ラストエンペラー 劇場公開版 4Kレストア

© Recorded Picture Company

【出演】ジョン・ローン、ピーター・オトゥール、ジョアン・チェン、坂本龍一
【監督】ベルナルド・ベルトルッチ

世界史的な大きさでの波乱万丈の生涯

アカデミー賞9部門受賞、キネ旬ベストワン、配給収入24億5千万円(1988年No.1)。坂本龍一さんが日本人で初めてアカデミー賞作曲賞を受賞した『ラストエンペラー』(1987)は、映画ファンだけでなく社会現象としても話題になったバブル全盛期の超大作だ。

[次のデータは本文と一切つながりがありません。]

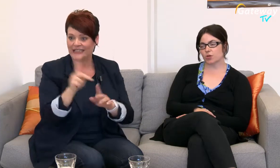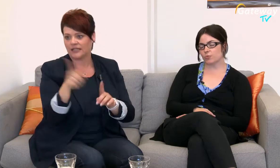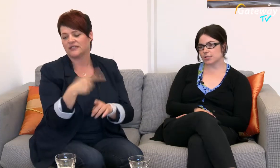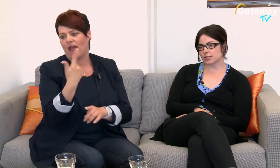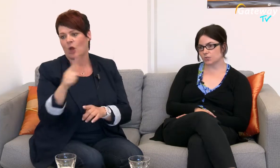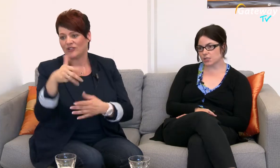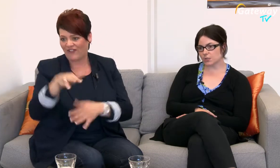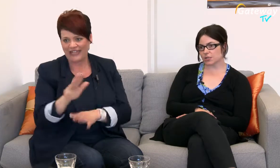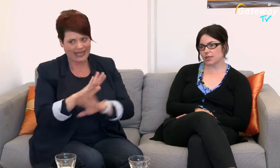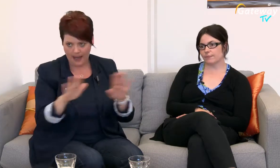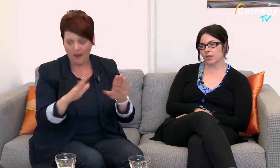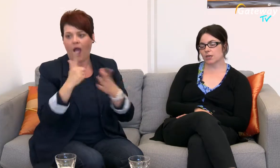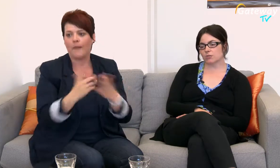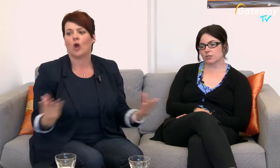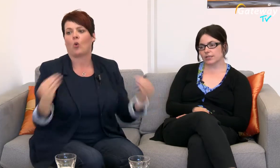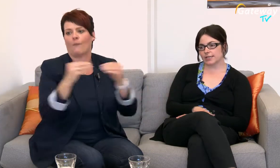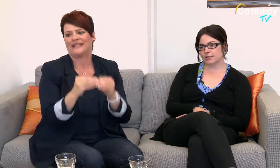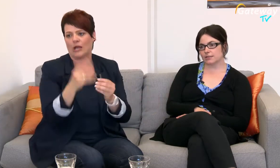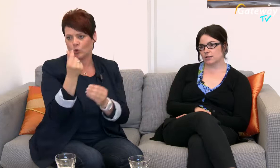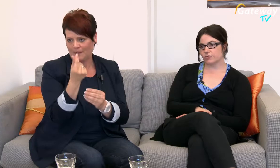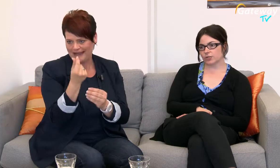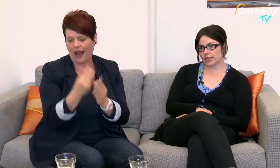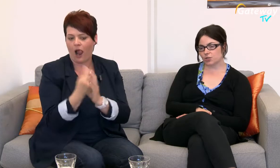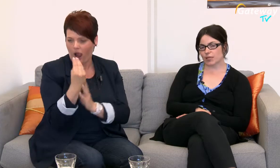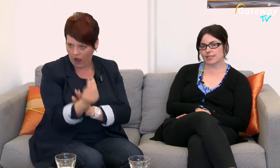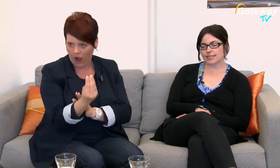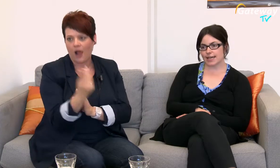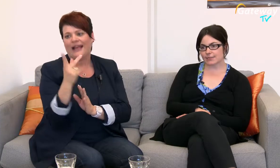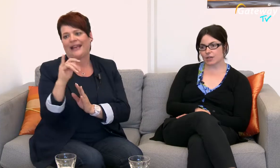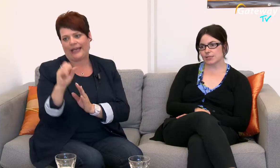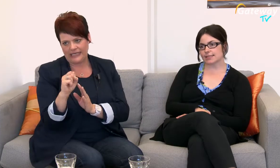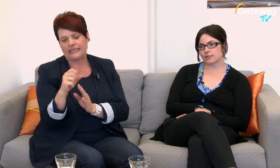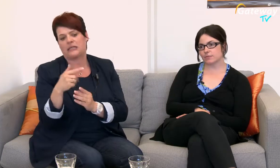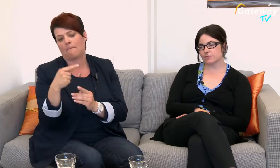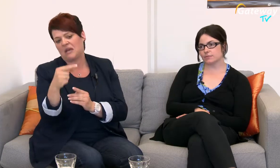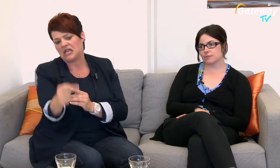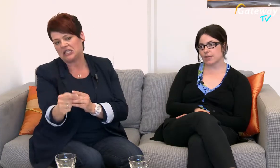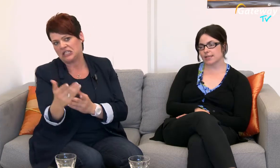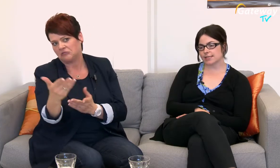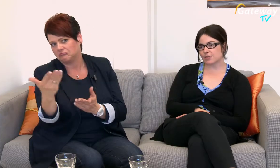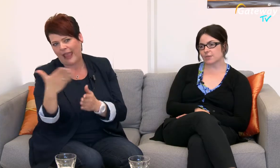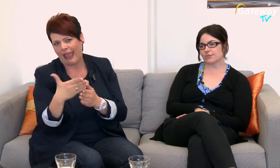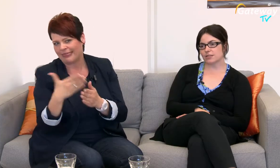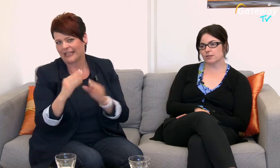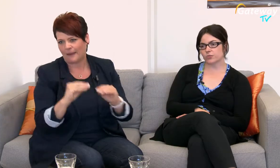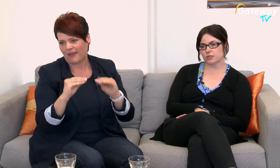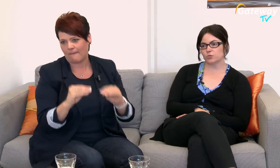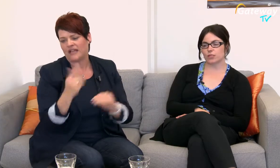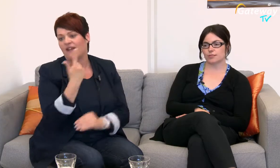Kompensationsmittel geben und KISS wird dann entsprechend jetzt erstmal bis Ende September 2014 über diese

しかし何を隠そう、私はこの超有名作を劇場で観たことがなかった。のちにビデオでは見たが、そんなの観たうちには入らないとわかっている。何人かの映画ファンの友人が、「『ラストエンペラー』が生涯のベストワン」と聞いてはいるが、その話になると巧みにかわして逃げてきた。

初公開から35年。満を持してようやくCINEXで観ることが出来た。あらためて言うまでもないが、素晴らしい傑作である。

愛新覚羅溥儀(1906-1967)。清朝最後の皇帝在位(1908-1912)は2歳~6歳。1924年にクーデターで紫禁城から退去したのが18歳。満州国皇帝在位(1934-1945)は、28歳~39歳。ソ連軍捕虜・中国戦犯(1945-1959)は39歳から53歳。そして満州族の代表として政協全国委員選出(1964-1967)は58歳~61歳。1967年に61歳で死去。皇帝から戦犯、一庭師、全国委員と、世界史的な大きさでの波乱万丈の人生だ。自分の意志で決めたことはほとんどなく、政治情勢に翻弄された生涯である。

いまさらながら凄いと思うのは、ベルナルド・ベルトルッチ監督による絢爛豪華で華麗なる映像美だ。細部までこだわった撮影は、4Kレストア版ということもあるのか圧倒的再現度だ。幼児を皇帝に据えたことで大人たちが右往左往する姿が紫禁城で繰り広げられるが、滑稽かつ微笑ましい。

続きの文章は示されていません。